The California Consumer Privacy Act (CCPA) — which was signed into law in June 2018 — will take effect in only a few short months and send shockwaves across industries and businesses that handle personal information of California-based consumers. It’s not a toothless regulation to take lightly, nor will it be the last. The CCPA is the first of the privacy protection tidal wave in the U.S. that is expected to cover the entire country from coast to coast.
Remember GDPR and how disruptive it was? The CCPA may seem like a copy of GDPR, but it’s not. Even companies unaffected by or already compliant with GDPR will most likely need to make additional changes. Because non-compliance will be severely penalized, businesses must get their bearings and assess whether the CCPA covers any of their operations.
Make no mistake: you can still be liable to CCPA violations even if your business does not have an office in California.

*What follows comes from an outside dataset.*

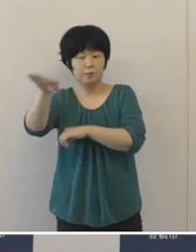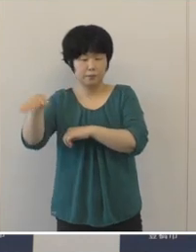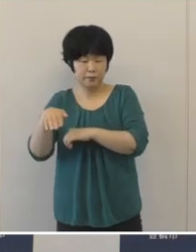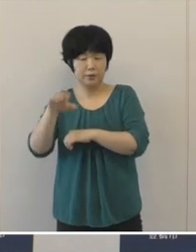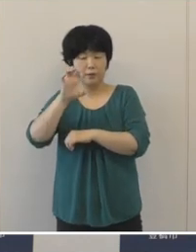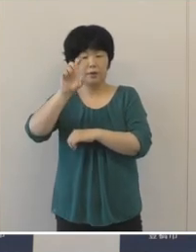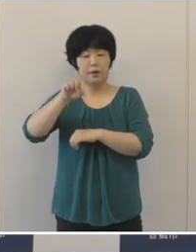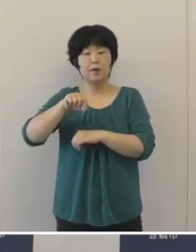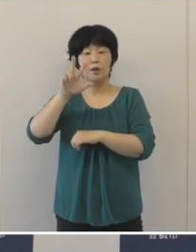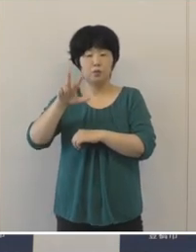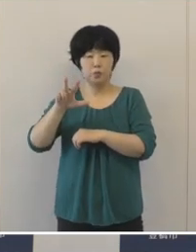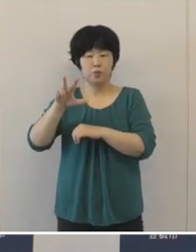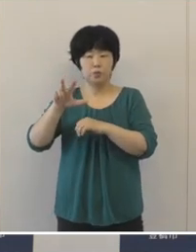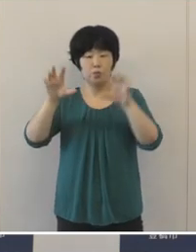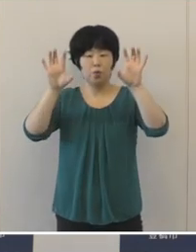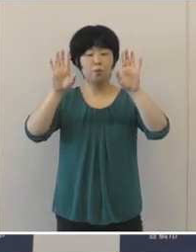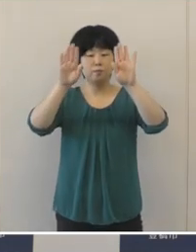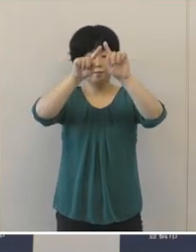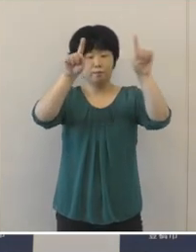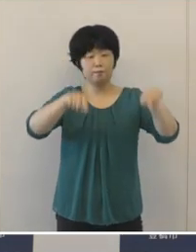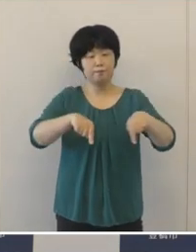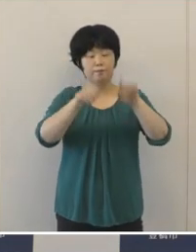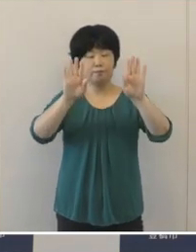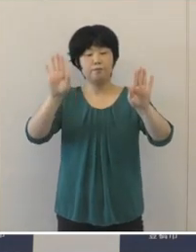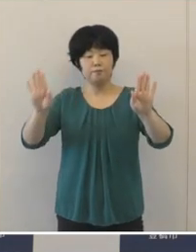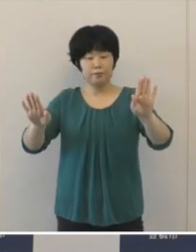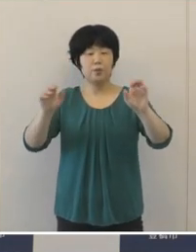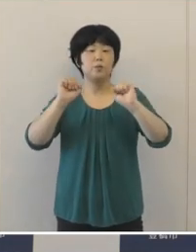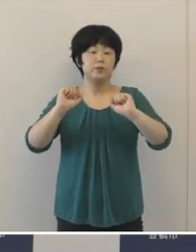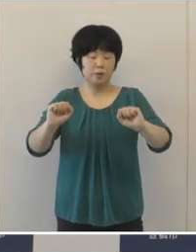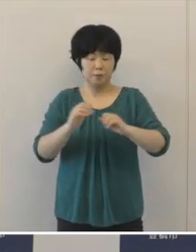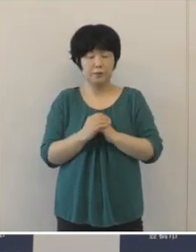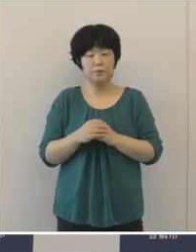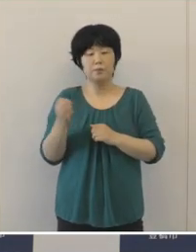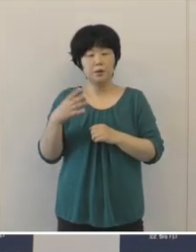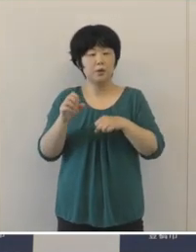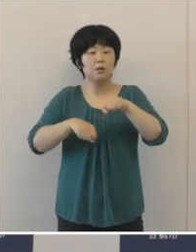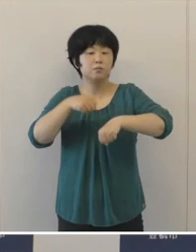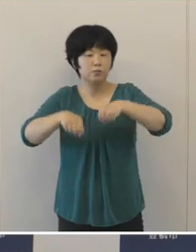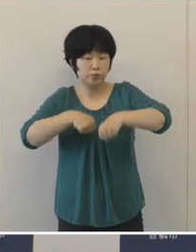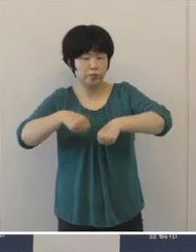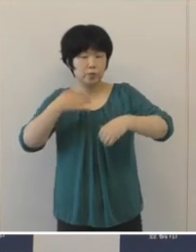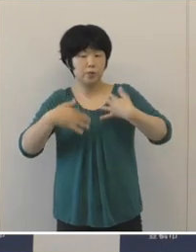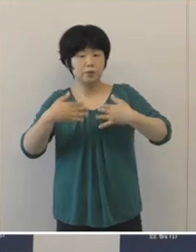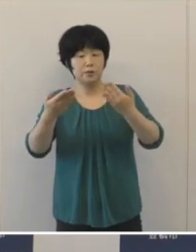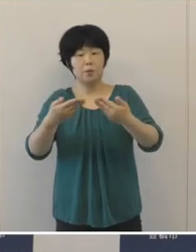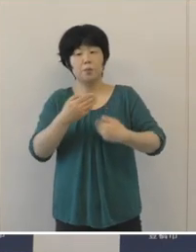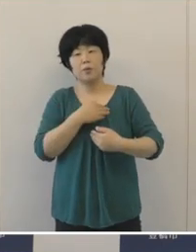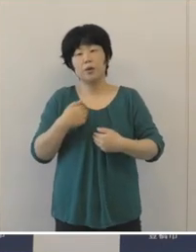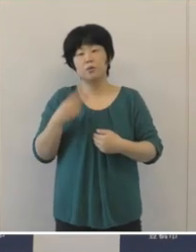またサイクルツーリズムを進めるため サイクリストのおもてなし環境 を整備するなど

Moreover, the new law will protect California residents wherever they are traveling or temporarily living, so you can still be liable for infringements that occur outside the Golden State.
Read on for more information on the CCPA, plus some tips for ensuring that your company won’t run into any trouble when the law takes effect.
Legal Disclaimer: We applied our best understanding of the California Consumer Privacy Act when building this article. However, we are not legal professionals. To minimize risks, kindly refer to the actual text of the CCPA and seek the advice of your corporate lawyer.
Enacted by the California State Legislature, the CCPA is a law that establishes, protects, and enforces the rights of California residents to their personal information being collected or held by businesses.
Basically, the California Consumer Privacy Act holds businesses to higher standards of transparency and regulates what they can and cannot do with personal information, especially when it comes to user privacy, purpose for holding data, and data sharing.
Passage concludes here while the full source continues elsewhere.